> **Task details**: Pictures are not part of the copy. Reproduce all the records exactly.

> **Provided data**:
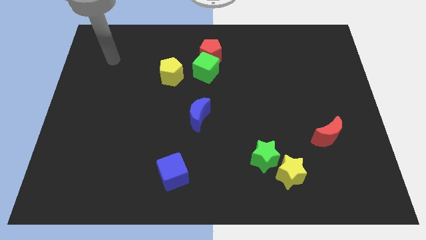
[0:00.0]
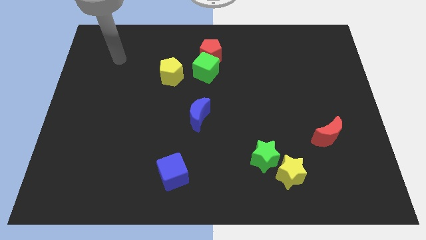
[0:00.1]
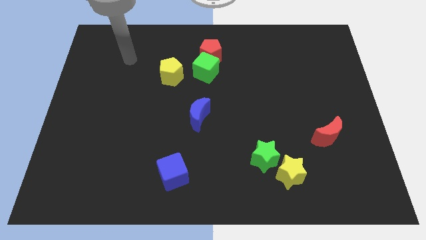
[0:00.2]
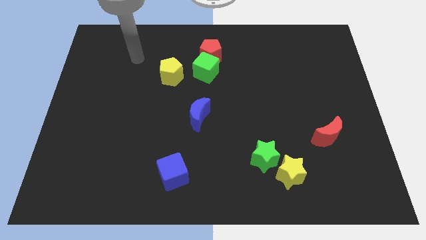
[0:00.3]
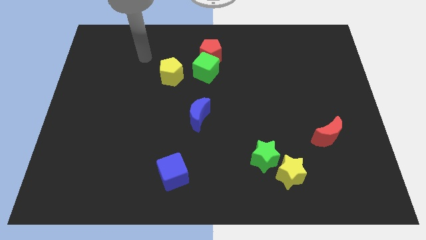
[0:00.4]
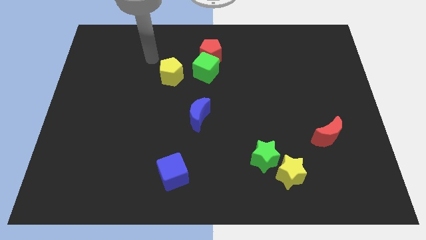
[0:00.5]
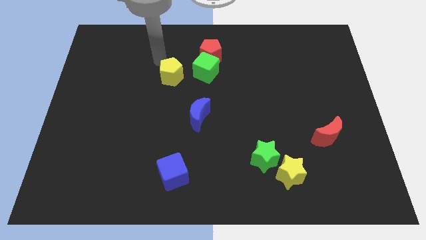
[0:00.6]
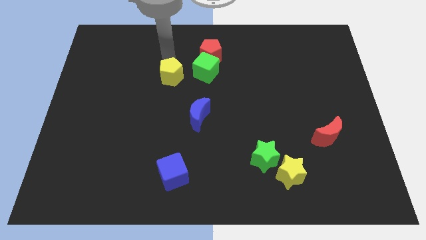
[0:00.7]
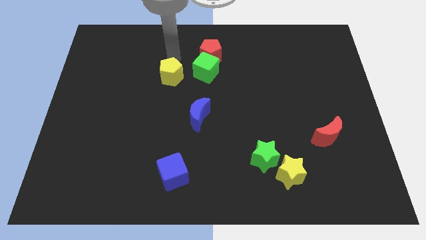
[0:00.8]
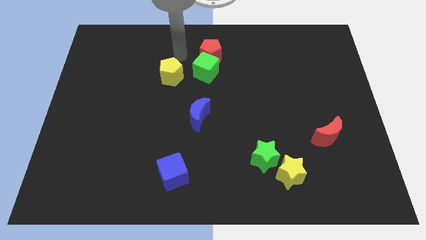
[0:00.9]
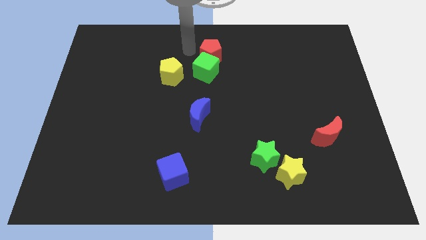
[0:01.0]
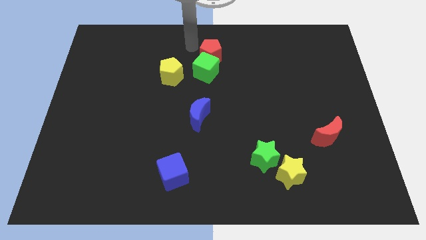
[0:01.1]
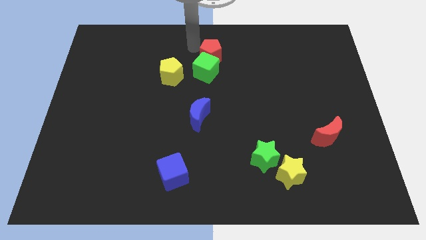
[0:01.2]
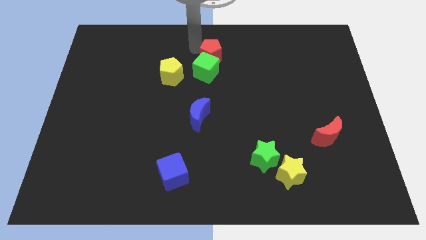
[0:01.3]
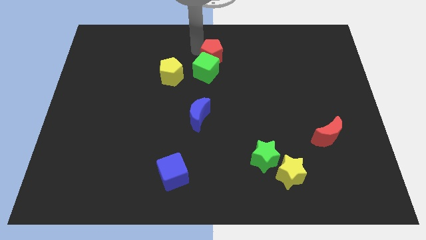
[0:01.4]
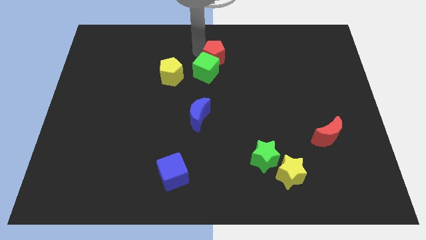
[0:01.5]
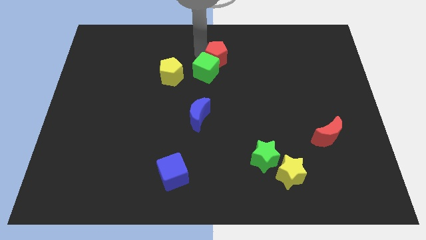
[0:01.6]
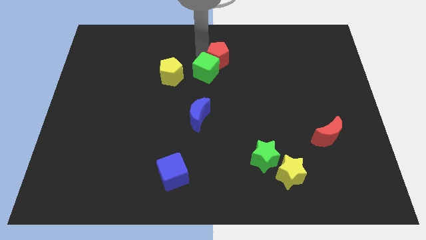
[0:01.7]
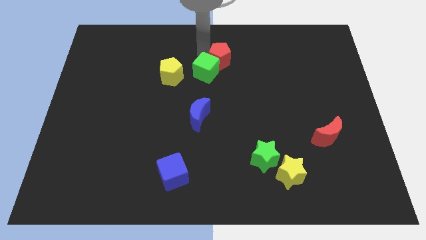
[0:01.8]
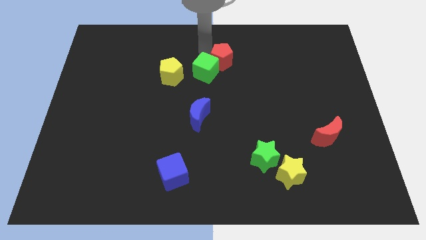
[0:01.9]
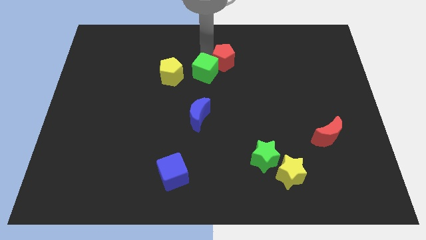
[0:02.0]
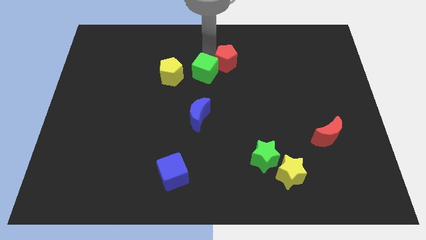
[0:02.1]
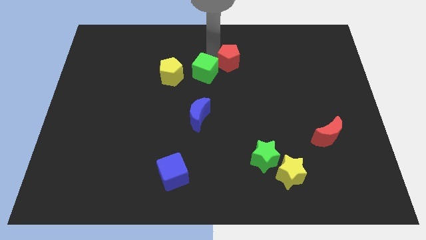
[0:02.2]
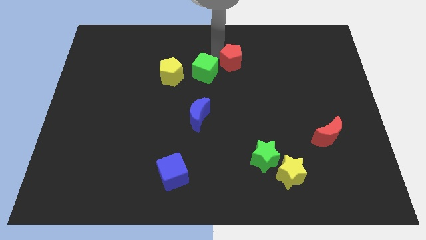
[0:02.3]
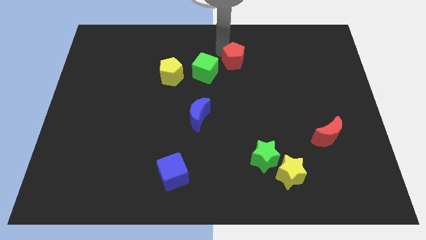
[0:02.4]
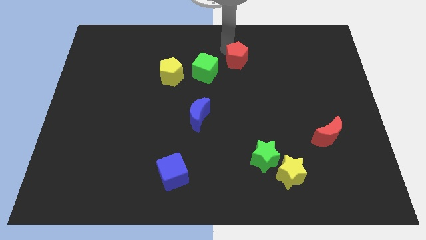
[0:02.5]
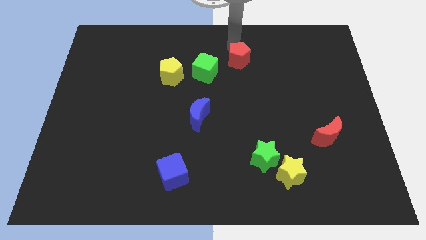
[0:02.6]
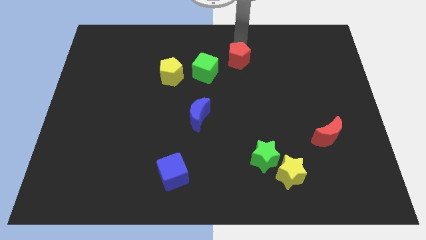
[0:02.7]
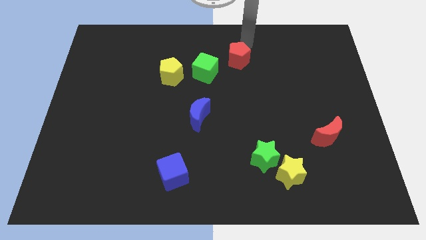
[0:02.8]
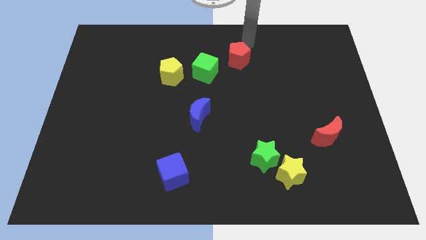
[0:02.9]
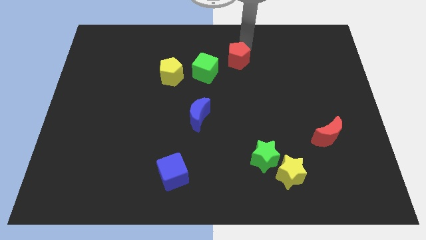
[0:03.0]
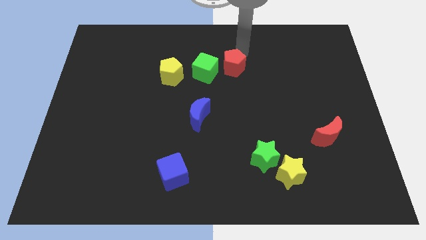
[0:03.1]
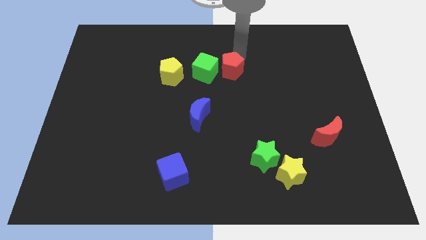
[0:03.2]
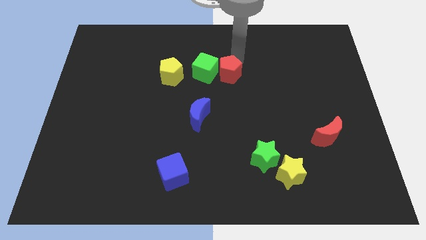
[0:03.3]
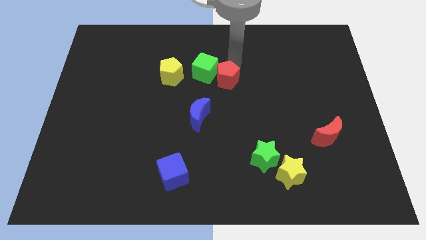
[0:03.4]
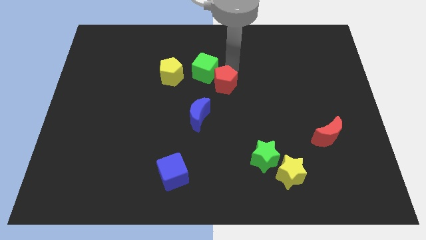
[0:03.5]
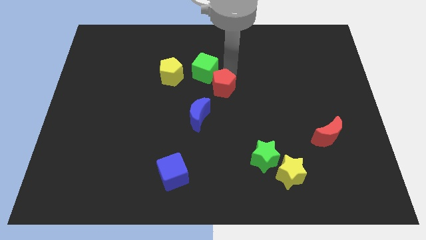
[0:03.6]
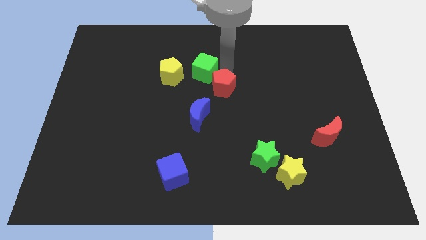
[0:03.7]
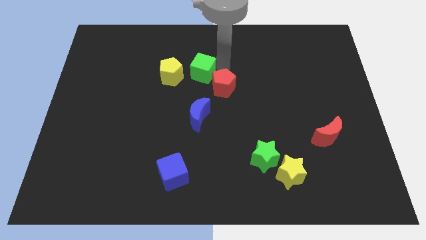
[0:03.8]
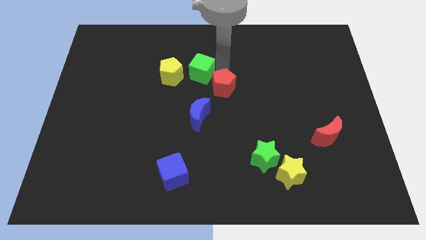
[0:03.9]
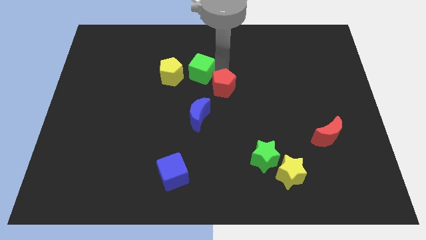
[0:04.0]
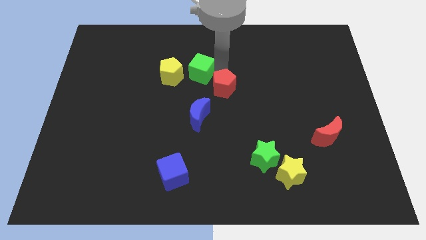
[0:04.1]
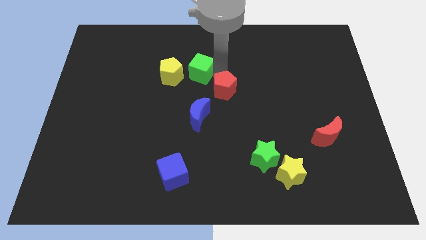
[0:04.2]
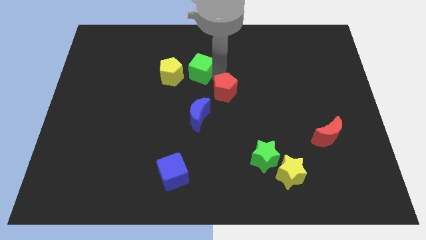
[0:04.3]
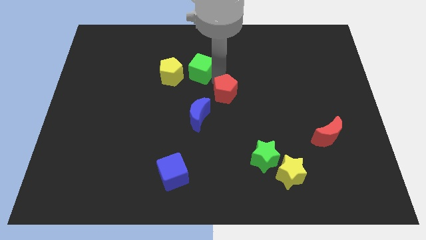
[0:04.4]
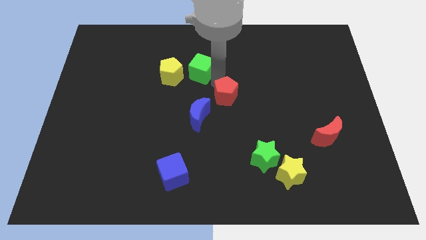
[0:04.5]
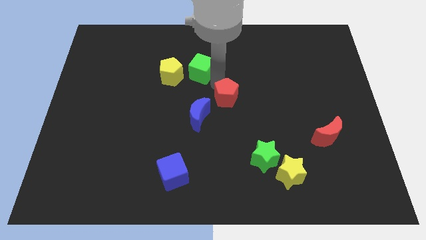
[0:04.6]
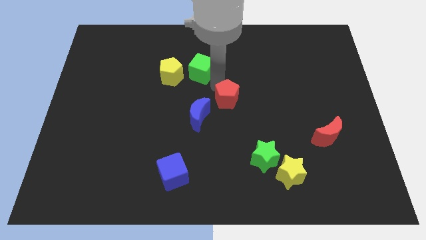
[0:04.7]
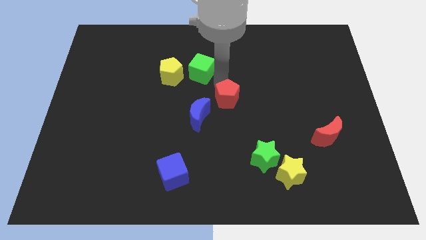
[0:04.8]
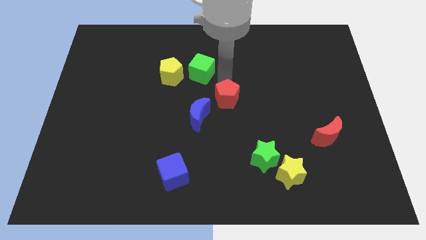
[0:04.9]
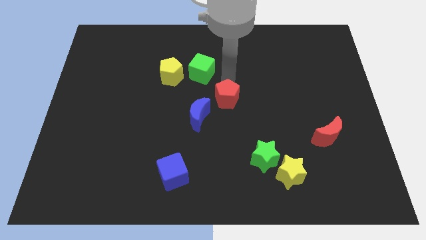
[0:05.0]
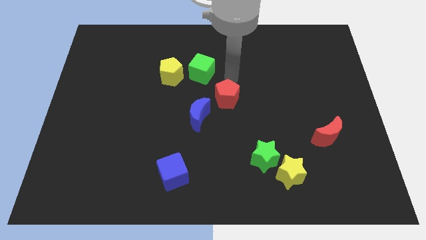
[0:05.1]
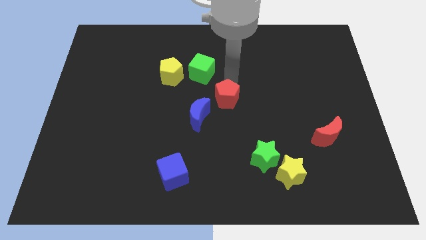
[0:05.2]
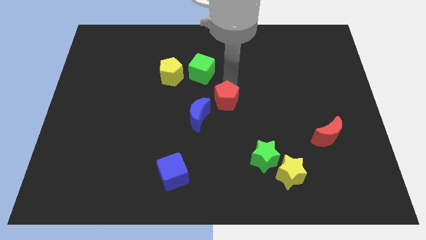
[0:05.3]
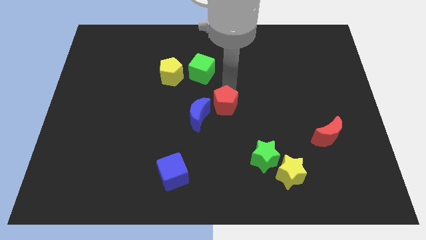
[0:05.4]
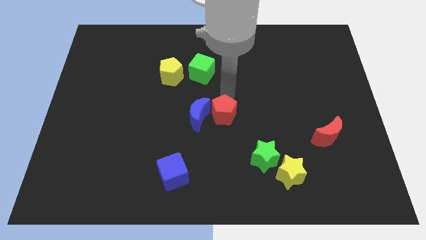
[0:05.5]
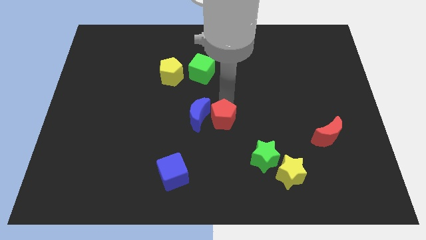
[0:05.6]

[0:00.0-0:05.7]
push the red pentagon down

> **Response below**:
[0:00.0]
[0:00.1]
[0:00.2]
[0:00.3]
[0:00.4]
[0:00.5]
[0:00.6]
[0:00.7]
[0:00.8]
[0:00.9]
[0:01.0]
[0:01.1]
[0:01.2]
[0:01.3]
[0:01.4]
[0:01.5]
[0:01.6]
[0:01.7]
[0:01.8]
[0:01.9]
[0:02.0]
[0:02.1]
[0:02.2]
[0:02.3]
[0:02.4]
[0:02.5]
[0:02.6]
[0:02.7]
[0:02.8]
[0:02.9]
[0:03.0]
[0:03.1]
[0:03.2]
[0:03.3]
[0:03.4]
[0:03.5]
[0:03.6]
[0:03.7]
[0:03.8]
[0:03.9]
[0:04.0]
[0:04.1]
[0:04.2]
[0:04.3]
[0:04.4]
[0:04.5]
[0:04.6]
[0:04.7]
[0:04.8]
[0:04.9]
[0:05.0]
[0:05.1]
[0:05.2]
[0:05.3]
[0:05.4]
[0:05.5]
[0:05.6]

[0:00.0-0:05.7]
push the red pentagon down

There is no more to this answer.